*** Opening Material shown ***

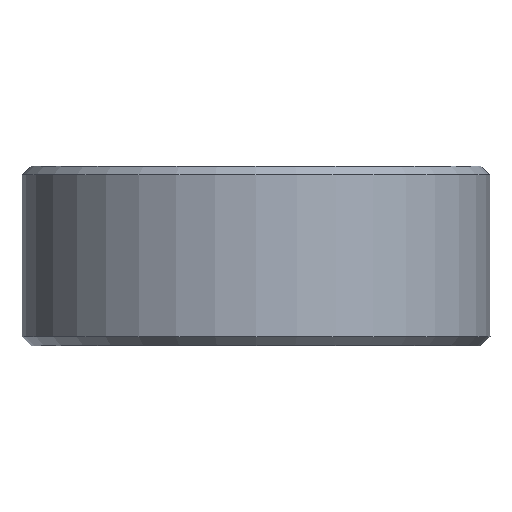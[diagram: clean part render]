
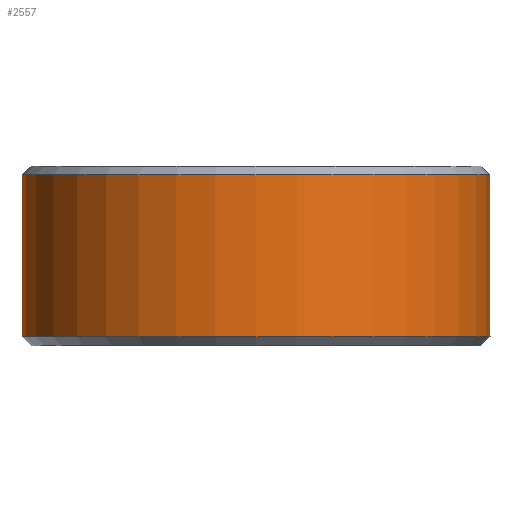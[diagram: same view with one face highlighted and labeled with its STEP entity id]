
A CAD part, front view. The second image highlights one B-rep face of the part: STEP entity #2557.
In plain terms, the highlighted cylindrical face has radius 6.5 mm (diameter 13 mm), a partial arc.
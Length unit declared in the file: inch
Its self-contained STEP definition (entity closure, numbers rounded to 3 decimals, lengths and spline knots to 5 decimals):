
#49 = CYLINDRICAL_SURFACE ( 'NONE', #1580, 0.25591 ) ;
#135 = CARTESIAN_POINT ( 'NONE',  ( 0.25591, 0., 0.08858 ) ) ;
#155 = DIRECTION ( 'NONE',  ( 0., 0., -1. ) ) ;
#377 = FACE_OUTER_BOUND ( 'NONE', #889, .T. ) ;
#378 = EDGE_CURVE ( 'NONE', #2911, #1889, #1834, .T. ) ;
#417 = CARTESIAN_POINT ( 'NONE',  ( 0., 0., 0.08858 ) ) ;
#419 = ORIENTED_EDGE ( 'NONE', *, *, #1457, .T. ) ;
#432 = EDGE_CURVE ( 'NONE', #2911, #1670, #797, .T. ) ;
#661 = DIRECTION ( 'NONE',  ( 1., 0., 0. ) ) ;
#797 = LINE ( 'NONE', #2551, #2121 ) ;
#889 = EDGE_LOOP ( 'NONE', ( #2839, #3139, #419, #2166 ) ) ;
#1457 = EDGE_CURVE ( 'NONE', #1889, #2738, #3067, .T. ) ;
#1522 = CARTESIAN_POINT ( 'NONE',  ( 0.25591, 0., 0.09843 ) ) ;
#1580 = AXIS2_PLACEMENT_3D ( 'NONE', #1808, #2141, #3387 ) ;
#1667 = VECTOR ( 'NONE', #2806, 39.37008 ) ;
#1670 = VERTEX_POINT ( 'NONE', #1986 ) ;
#1808 = CARTESIAN_POINT ( 'NONE',  ( 0., 0., 0.09843 ) ) ;
#1834 = CIRCLE ( 'NONE', #3065, 0.25591 ) ;
#1889 = VERTEX_POINT ( 'NONE', #3031 ) ;
#1986 = CARTESIAN_POINT ( 'NONE',  ( -0.25591, 0., 0.08858 ) ) ;
#2121 = VECTOR ( 'NONE', #2824, 39.37008 ) ;
#2141 = DIRECTION ( 'NONE',  ( 0., 0., 1. ) ) ;
#2166 = ORIENTED_EDGE ( 'NONE', *, *, #3215, .T. ) ;
#2182 = AXIS2_PLACEMENT_3D ( 'NONE', #417, #155, #2510 ) ;
#2207 = CARTESIAN_POINT ( 'NONE',  ( 0., 0., -0.08858 ) ) ;
#2258 = DIRECTION ( 'NONE',  ( 0., 0., 1. ) ) ;
#2510 = DIRECTION ( 'NONE',  ( 1., 0., 0. ) ) ;
#2551 = CARTESIAN_POINT ( 'NONE',  ( -0.25591, 0., 0.09843 ) ) ;
#2557 = ADVANCED_FACE ( 'NONE', ( #377 ), #49, .T. ) ;
#2638 = CARTESIAN_POINT ( 'NONE',  ( -0.25591, 0., -0.08858 ) ) ;
#2738 = VERTEX_POINT ( 'NONE', #135 ) ;
#2739 = CIRCLE ( 'NONE', #2182, 0.25591 ) ;
#2806 = DIRECTION ( 'NONE',  ( 0., 0., 1. ) ) ;
#2824 = DIRECTION ( 'NONE',  ( 0., 0., 1. ) ) ;
#2839 = ORIENTED_EDGE ( 'NONE', *, *, #432, .F. ) ;
#2911 = VERTEX_POINT ( 'NONE', #2638 ) ;
#3031 = CARTESIAN_POINT ( 'NONE',  ( 0.25591, 0., -0.08858 ) ) ;
#3065 = AXIS2_PLACEMENT_3D ( 'NONE', #2207, #2258, #661 ) ;
#3067 = LINE ( 'NONE', #1522, #1667 ) ;
#3139 = ORIENTED_EDGE ( 'NONE', *, *, #378, .T. ) ;
#3215 = EDGE_CURVE ( 'NONE', #2738, #1670, #2739, .T. ) ;
#3387 = DIRECTION ( 'NONE',  ( 1., 0., 0. ) ) ;

*** Closing Material shown ***

### About this task
Copy exactly the lines of the entries above from the one containing "[diagram: same view" through the one containing "#1808 = CARTESIAN_POINT". Both end lines count; pictures do not.

### Finished task
[diagram: same view with one face highlighted and labeled with its STEP entity id]
A CAD part, front view. The second image highlights one B-rep face of the part: STEP entity #2557.
In plain terms, the highlighted cylindrical face has radius 6.5 mm (diameter 13 mm), a partial arc.
Length unit declared in the file: inch
Its self-contained STEP definition (entity closure, numbers rounded to 3 decimals, lengths and spline knots to 5 decimals):
#49 = CYLINDRICAL_SURFACE ( 'NONE', #1580, 0.25591 ) ;
#135 = CARTESIAN_POINT ( 'NONE',  ( 0.25591, 0., 0.08858 ) ) ;
#155 = DIRECTION ( 'NONE',  ( 0., 0., -1. ) ) ;
#377 = FACE_OUTER_BOUND ( 'NONE', #889, .T. ) ;
#378 = EDGE_CURVE ( 'NONE', #2911, #1889, #1834, .T. ) ;
#417 = CARTESIAN_POINT ( 'NONE',  ( 0., 0., 0.08858 ) ) ;
#419 = ORIENTED_EDGE ( 'NONE', *, *, #1457, .T. ) ;
#432 = EDGE_CURVE ( 'NONE', #2911, #1670, #797, .T. ) ;
#661 = DIRECTION ( 'NONE',  ( 1., 0., 0. ) ) ;
#797 = LINE ( 'NONE', #2551, #2121 ) ;
#889 = EDGE_LOOP ( 'NONE', ( #2839, #3139, #419, #2166 ) ) ;
#1457 = EDGE_CURVE ( 'NONE', #1889, #2738, #3067, .T. ) ;
#1522 = CARTESIAN_POINT ( 'NONE',  ( 0.25591, 0., 0.09843 ) ) ;
#1580 = AXIS2_PLACEMENT_3D ( 'NONE', #1808, #2141, #3387 ) ;
#1667 = VECTOR ( 'NONE', #2806, 39.37008 ) ;
#1670 = VERTEX_POINT ( 'NONE', #1986 ) ;
#1808 = CARTESIAN_POINT ( 'NONE',  ( 0., 0., 0.09843 ) ) ;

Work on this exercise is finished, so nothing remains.